(TASK TO CARRY OUT): Every record below is to be restated verbatim, though its images are not.

Source records
########
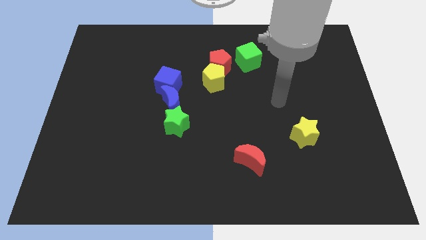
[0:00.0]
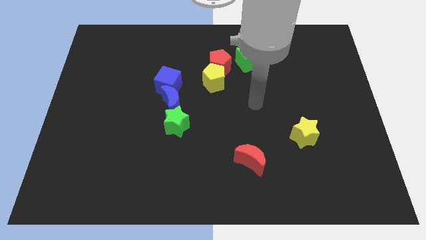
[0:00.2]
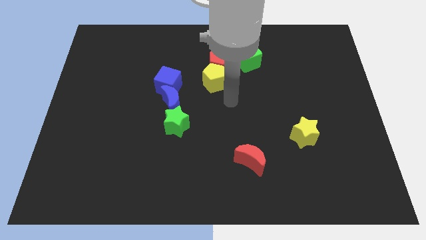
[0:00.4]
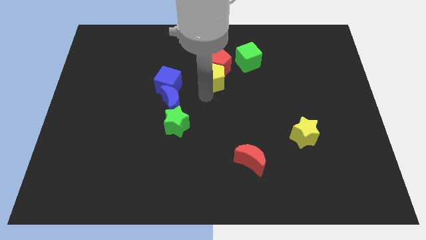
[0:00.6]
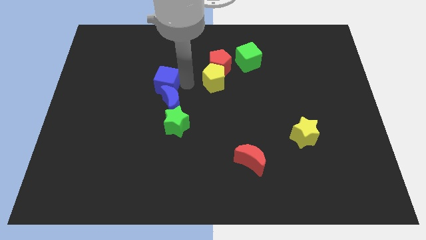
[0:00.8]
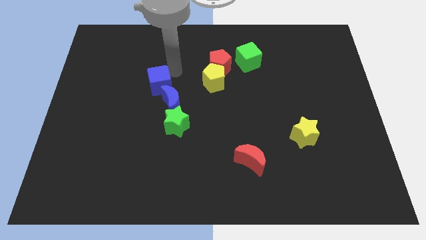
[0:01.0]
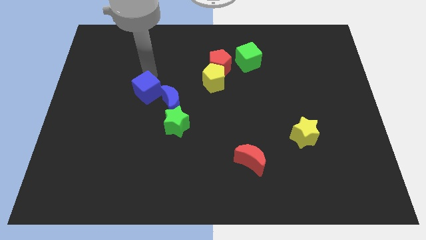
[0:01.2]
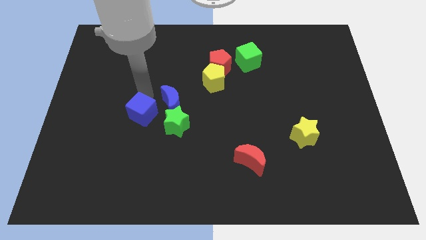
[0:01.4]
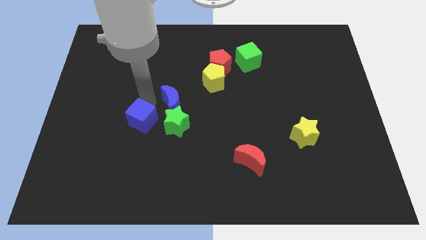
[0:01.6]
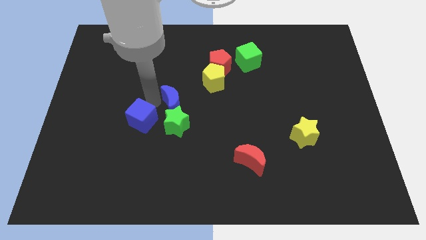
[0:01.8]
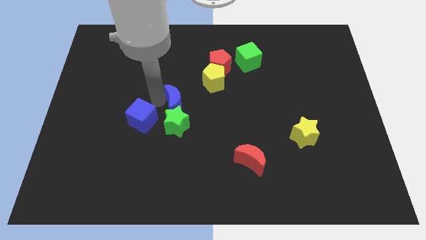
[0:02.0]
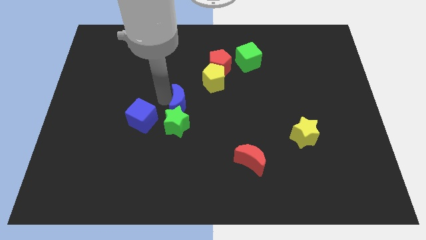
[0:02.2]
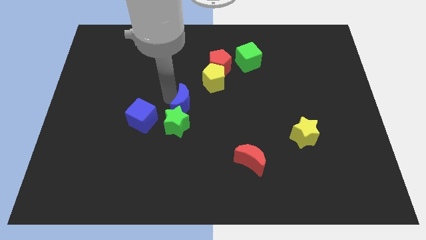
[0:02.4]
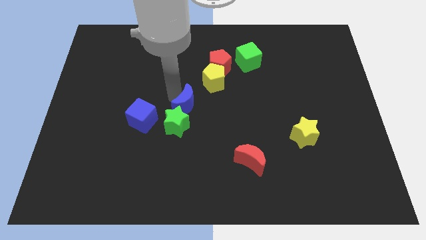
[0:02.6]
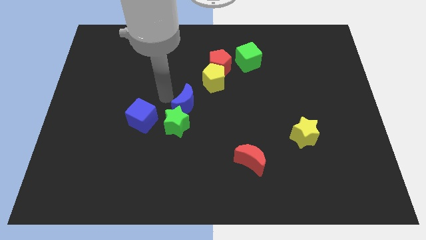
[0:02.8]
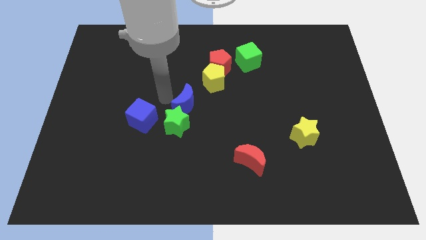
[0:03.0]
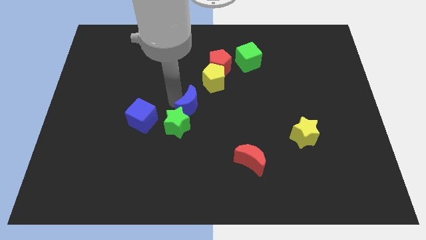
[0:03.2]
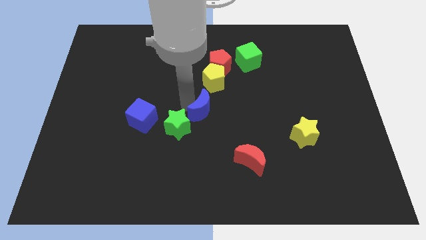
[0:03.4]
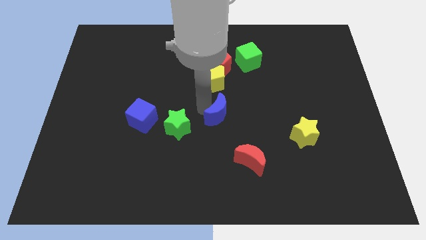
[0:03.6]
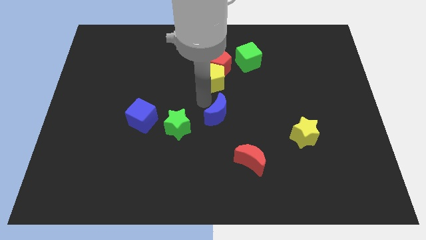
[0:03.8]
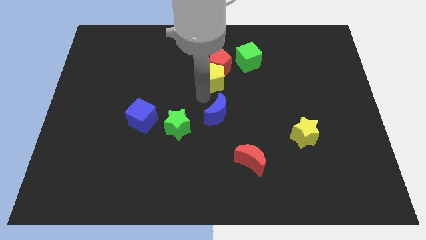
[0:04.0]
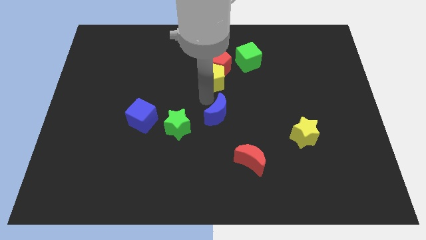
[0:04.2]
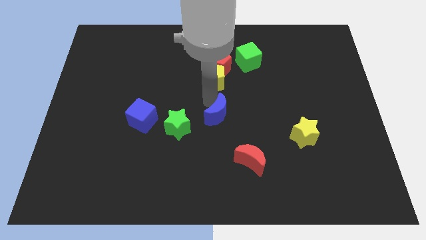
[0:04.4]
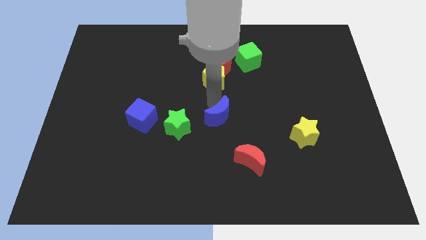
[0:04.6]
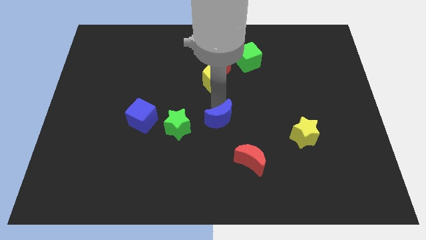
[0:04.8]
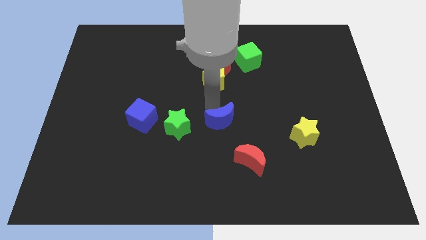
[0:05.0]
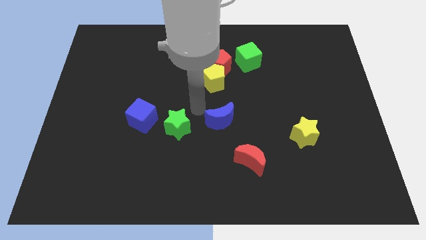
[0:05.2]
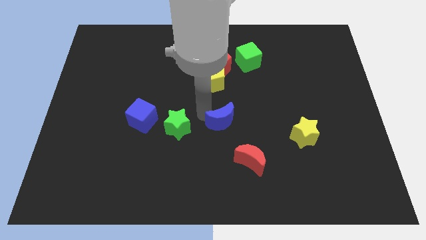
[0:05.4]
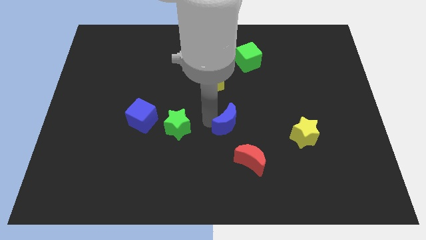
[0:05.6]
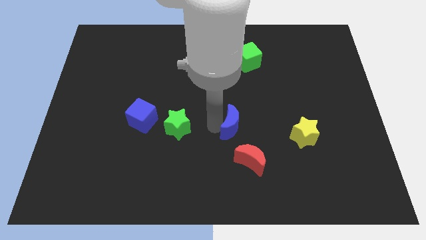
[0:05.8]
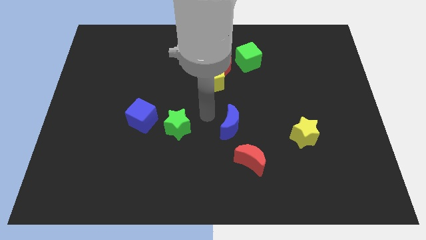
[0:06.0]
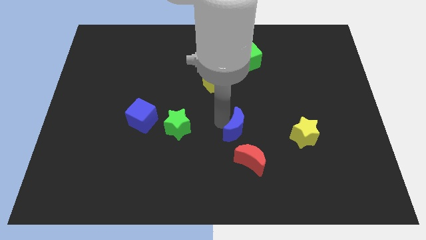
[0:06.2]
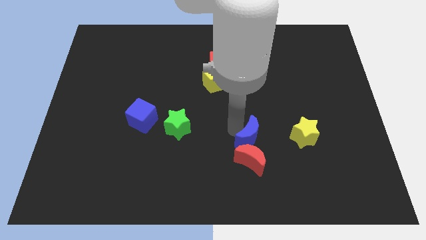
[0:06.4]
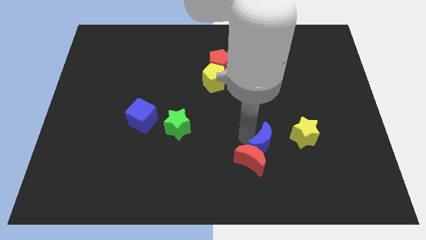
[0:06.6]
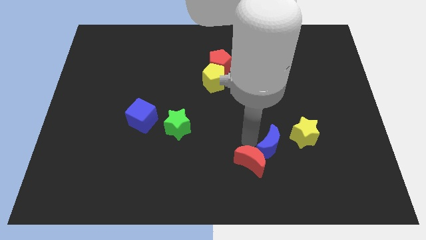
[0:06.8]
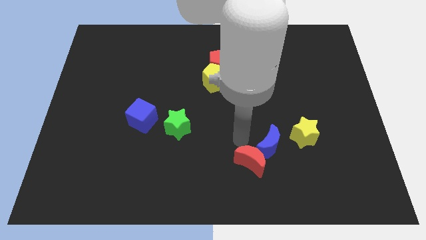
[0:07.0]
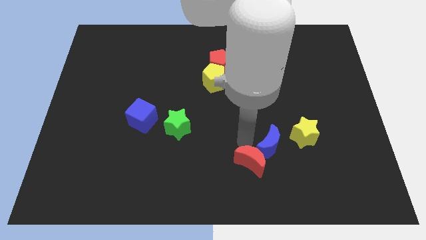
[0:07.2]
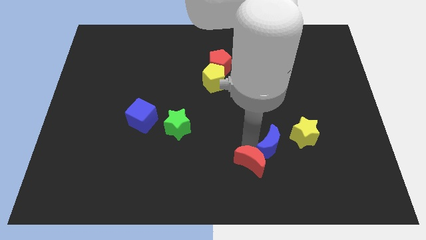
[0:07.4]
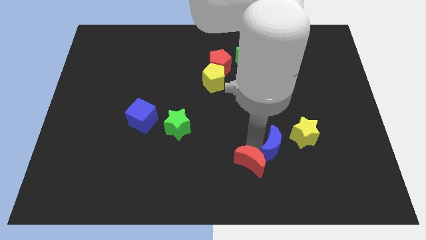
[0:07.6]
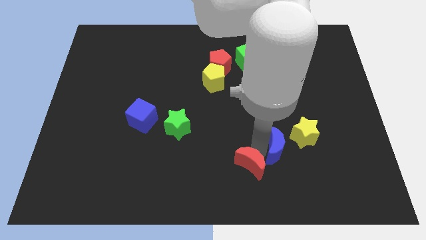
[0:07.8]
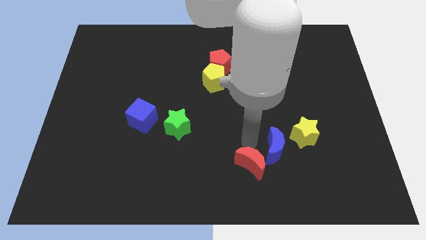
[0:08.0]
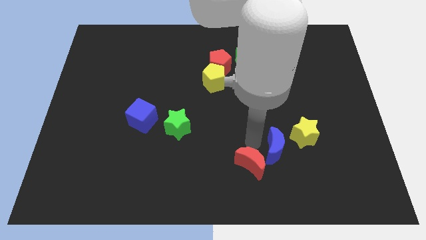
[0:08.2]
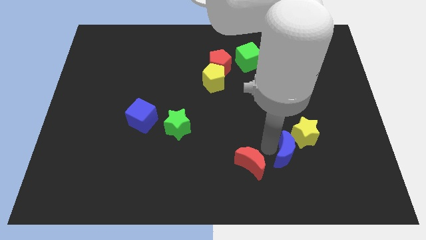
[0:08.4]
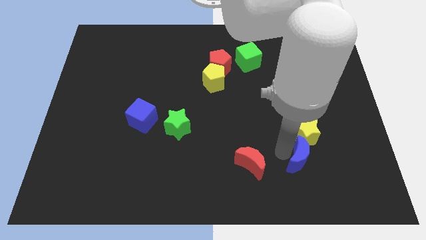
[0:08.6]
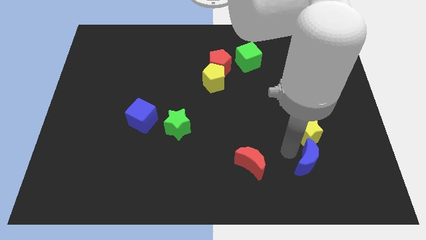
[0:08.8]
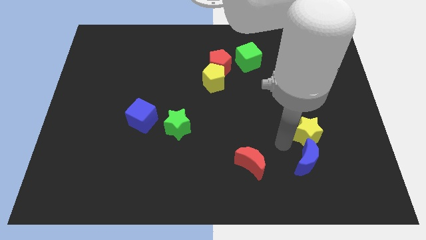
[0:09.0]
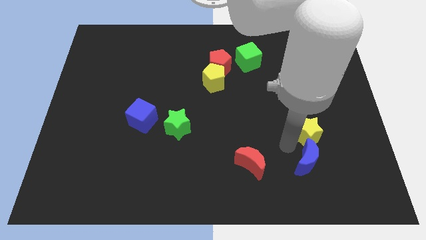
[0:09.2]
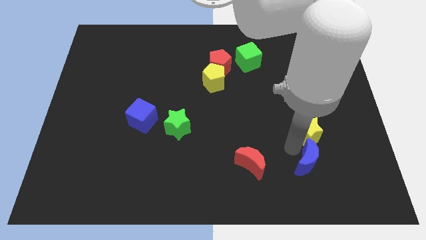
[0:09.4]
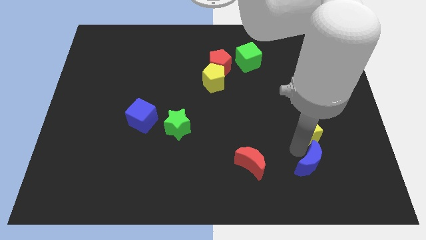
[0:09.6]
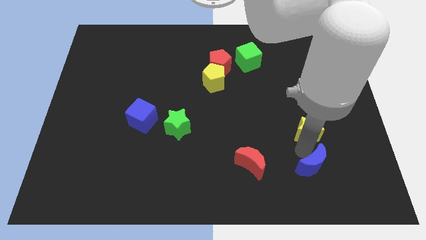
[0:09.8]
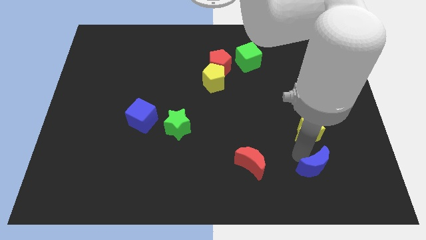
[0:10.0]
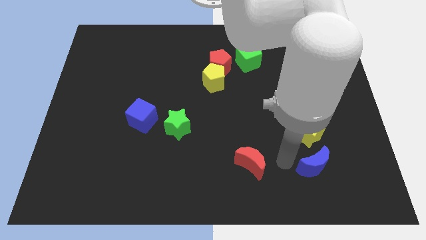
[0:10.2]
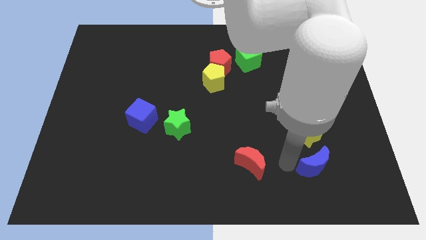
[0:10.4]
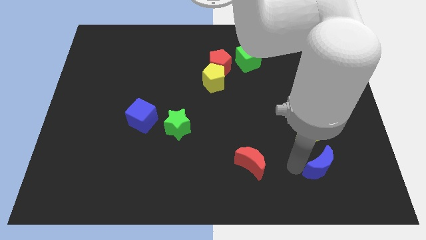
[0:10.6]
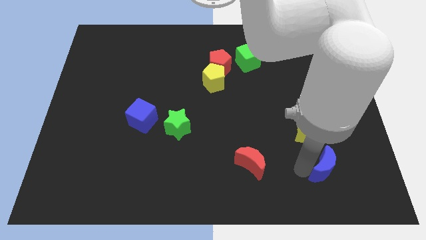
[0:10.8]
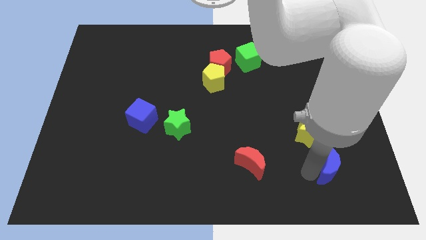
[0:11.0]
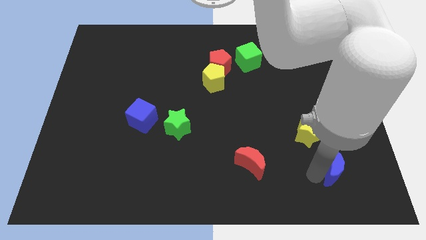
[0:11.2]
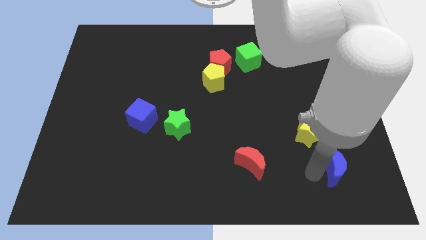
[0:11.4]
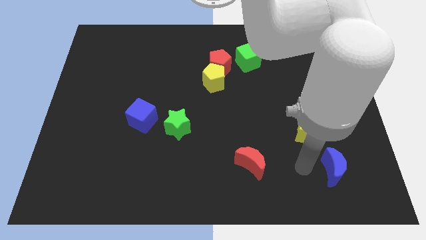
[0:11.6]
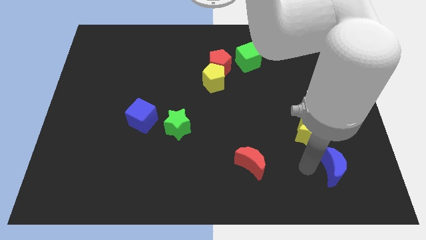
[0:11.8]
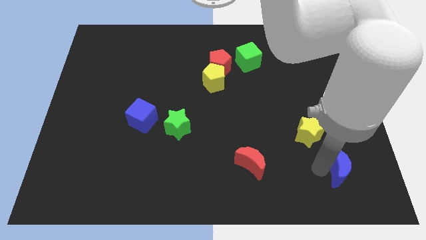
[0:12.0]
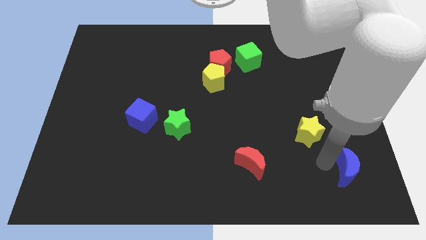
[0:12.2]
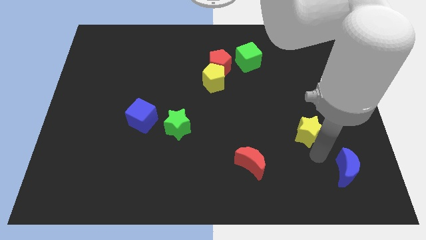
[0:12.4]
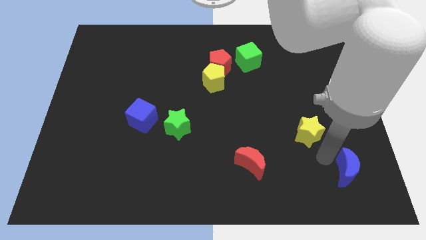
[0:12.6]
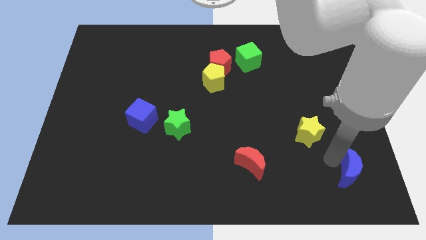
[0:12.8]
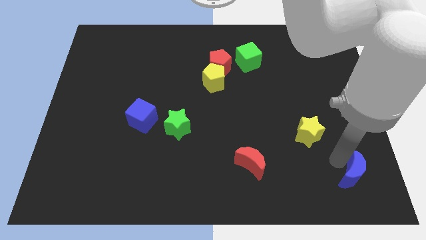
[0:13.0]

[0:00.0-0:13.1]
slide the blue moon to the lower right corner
########
(REPLY TO THE EXERCISE):
[0:00.0]
[0:00.2]
[0:00.4]
[0:00.6]
[0:00.8]
[0:01.0]
[0:01.2]
[0:01.4]
[0:01.6]
[0:01.8]
[0:02.0]
[0:02.2]
[0:02.4]
[0:02.6]
[0:02.8]
[0:03.0]
[0:03.2]
[0:03.4]
[0:03.6]
[0:03.8]
[0:04.0]
[0:04.2]
[0:04.4]
[0:04.6]
[0:04.8]
[0:05.0]
[0:05.2]
[0:05.4]
[0:05.6]
[0:05.8]
[0:06.0]
[0:06.2]
[0:06.4]
[0:06.6]
[0:06.8]
[0:07.0]
[0:07.2]
[0:07.4]
[0:07.6]
[0:07.8]
[0:08.0]
[0:08.2]
[0:08.4]
[0:08.6]
[0:08.8]
[0:09.0]
[0:09.2]
[0:09.4]
[0:09.6]
[0:09.8]
[0:10.0]
[0:10.2]
[0:10.4]
[0:10.6]
[0:10.8]
[0:11.0]
[0:11.2]
[0:11.4]
[0:11.6]
[0:11.8]
[0:12.0]
[0:12.2]
[0:12.4]
[0:12.6]
[0:12.8]
[0:13.0]

[0:00.0-0:13.1]
slide the blue moon to the lower right corner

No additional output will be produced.